_Work request_
Begin at the line that holds "A book cover" and retype every line through the end of the material, both included. Leave out the pictures.
____ Given information
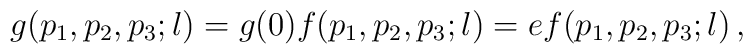
g(p_1,p_2,p_3;l)=g(0)f(p_1,p_2,p_3;l)=   e f(p_1,p_2,p_3;l)\,,
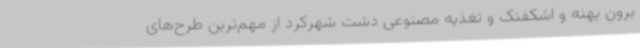
برون پهنه و اشکفتک و تغذیه مصنوعی دشت شهرکرد از مهم‌ترین طرح‌های
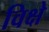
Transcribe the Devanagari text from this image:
विक्षे
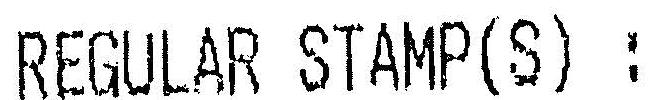
REGULAR STAMP(S) :
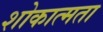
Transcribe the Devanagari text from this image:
शोकात्मता
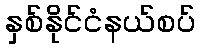
နှစ်နိုင်ငံနယ်စပ်
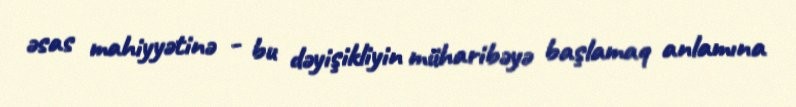
əsas mahiyyətinə - bu dəyişikliyin müharibəyə başlamaq anlamına
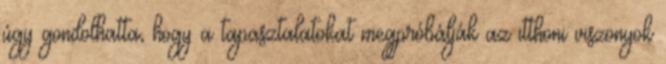
úgy gondolhatta, hogy a tapasztalatokat megpróbálják az itthoni viszonyok
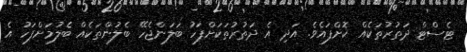
ޓެސްޓް ދަތުރުތަކެއް ކޮށްފައެވެ. އަދި އެ ދަތުރުތަކަށްފަހު ބަލަންޖެހޭ ބެލުންތަކެއް ބެލުމަށްފަހު އެ
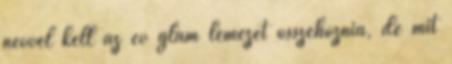
névvel kell az év glam lemezét összehoznia, de mit
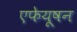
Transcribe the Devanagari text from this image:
एफेयूषन
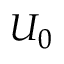
U _ { 0 }
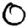
Digit: 0
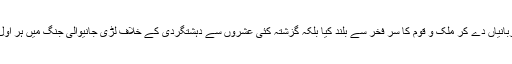
انہوں نے کہا کہ ہماری مسلح افواج نے نہ صرف 48، 65 اور 71 کی جنگوں میں بے مثال قربانیاں دے کر ملک و قوم کا سر فخر سے بلند کیا بلکہ گزشتہ کئی عشروں سے دہشتگردی کے خلاف لڑی جانیوالی جنگ میں ہر اول دستہ کا کردار ادا کرتے ہوئے اسلام، پاکستان اور انسانیت کے دشمنوں کا مکمل صفایا کر دیا۔
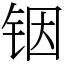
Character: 铟
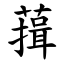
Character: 䔱
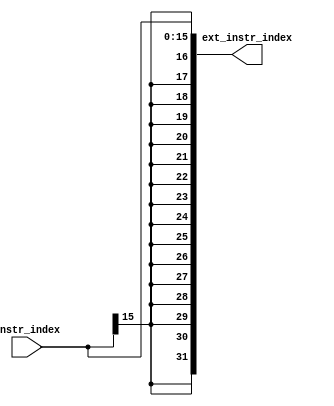
`timescale 1ns / 1ps
//////////////////////////////////////////////////////////////////////////////////
// Company: 
// Engineer: 
// 
// Design Name: 
// Module Name: extender
// Project Name: 
// Target Devices: 
// Tool Versions: 
// Description: 
// 
// Dependencies: 
// 
// Revision:
// Revision 0.01 - File Created
// Additional Comments:
// 
//////////////////////////////////////////////////////////////////////////////////


module extender(
    input [15:0] instr_index,
    output [31:0] ext_instr_index
    );
    assign ext_instr_index = {{16{instr_index[15]}}, instr_index};
endmodule
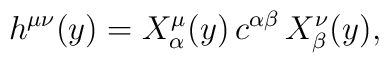
h^{\mu \nu}(y) = X^\mu_\alpha(y) \, c^{\alpha \beta} \,X^\nu_\beta(y),
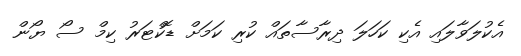
އެކުލަވާލައި އެކި ކަހަލަ ދިރާސާތައް ކުރި ކަމަށް ޑޮކްޓަރު ކިމް ސޯ ޔޯން
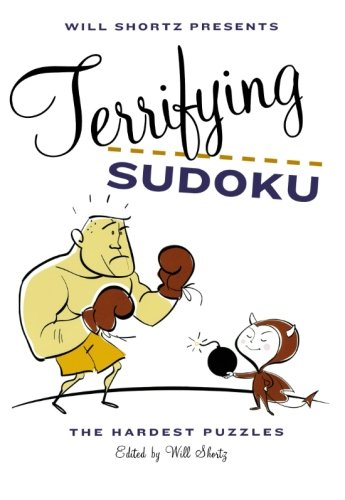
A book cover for Will Shortz Presents Terrifying Sudoku: The Hardest Puzzles; Humor & Entertainment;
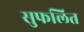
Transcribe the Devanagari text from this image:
सुफलित
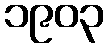
၁၉၀၃
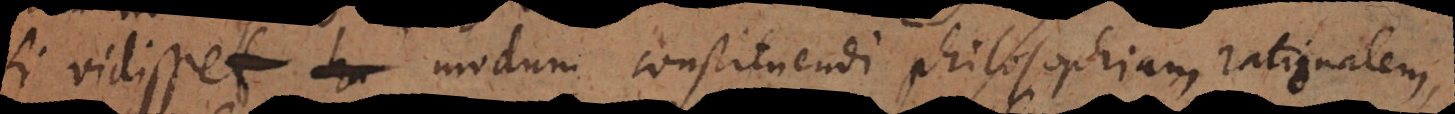
si vidisset ha modum constituendi philosophiam rationalem,
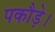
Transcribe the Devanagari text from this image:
पकौड़े।
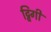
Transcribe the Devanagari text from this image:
ट्विगी
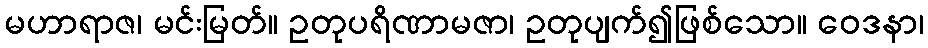
မဟာရာဇ၊ မင်းမြတ်။ ဥတုပရိဏာမဇာ၊ ဥတုပျက်၍ဖြစ်သော။ ဝေဒနာ၊
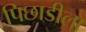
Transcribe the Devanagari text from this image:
पिछाडीला
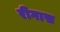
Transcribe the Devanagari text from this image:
रीगास
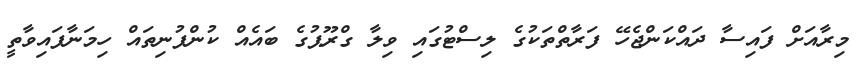
މިރާއަށް ފައިސާ ދައްކަންޖެހޭ ފަރާތްތަކުގެ ލިސްޓުގައި ވިލާ ގްރޫޕުގެ ބައެއް ކުންފުނިތައް ހިމަނާފައިވާތީ
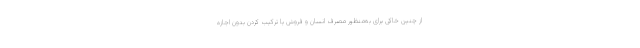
________
_The completed task_
A book cover for Will Shortz Presents Terrifying Sudoku: The Hardest Puzzles; Humor & Entertainment;
Transcribe the Devanagari text from this image:
सुफलित
၁၉၀၃
si vidisset ha modum constituendi philosophiam rationalem,
Transcribe the Devanagari text from this image:
पकौड़े।
Transcribe the Devanagari text from this image:
ट्विगी
မဟာရာဇ၊ မင်းမြတ်။ ဥတုပရိဏာမဇာ၊ ဥတုပျက်၍ဖြစ်သော။ ဝေဒနာ၊
Transcribe the Devanagari text from this image:
पिछाडीला
Transcribe the Devanagari text from this image:
रीगास
މިރާއަށް ފައިސާ ދައްކަންޖެހޭ ފަރާތްތަކުގެ ލިސްޓުގައި ވިލާ ގްރޫޕުގެ ބައެއް ކުންފުނިތައް ހިމަނާފައިވާތީ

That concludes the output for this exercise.